EXERCISE AIM
Would you go through the records below and copy each line with the string "Normal"?

Data extracted from a collection
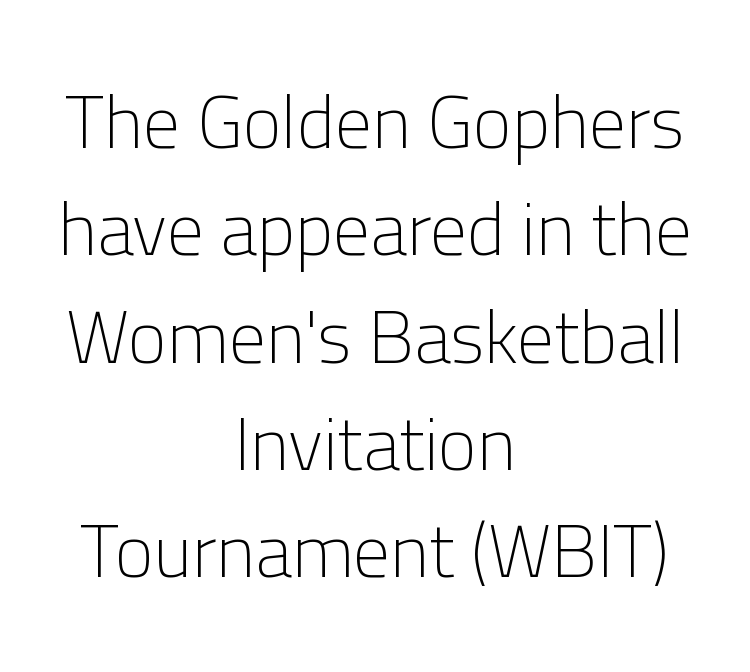
Q: Is the text bold? A: No.
Q: Is the text italic (slanted)? A: No, it is upright.
Q: Is the typeface a serif or a sans-serif typeface? A: Sans-serif.
Q: Is the text underlined? A: No.
Q: How is the paragraph aligned? A: Centered.
Q: Is the spacing between letters normal or unusually wide? A: Normal.
Q: Is the spacing between lines tight, normal or loose? A: Normal.
Q: Width (condensed, normal, or wide)? A: Normal.
Q: Stroke contrast? A: Low.
Q: x-height? A: Medium.
Q: Monospaced? A: No.

SOLUTION
Q: Is the spacing between letters normal or unusually wide? A: Normal.
Q: Is the spacing between lines tight, normal or loose? A: Normal.
Q: Width (condensed, normal, or wide)? A: Normal.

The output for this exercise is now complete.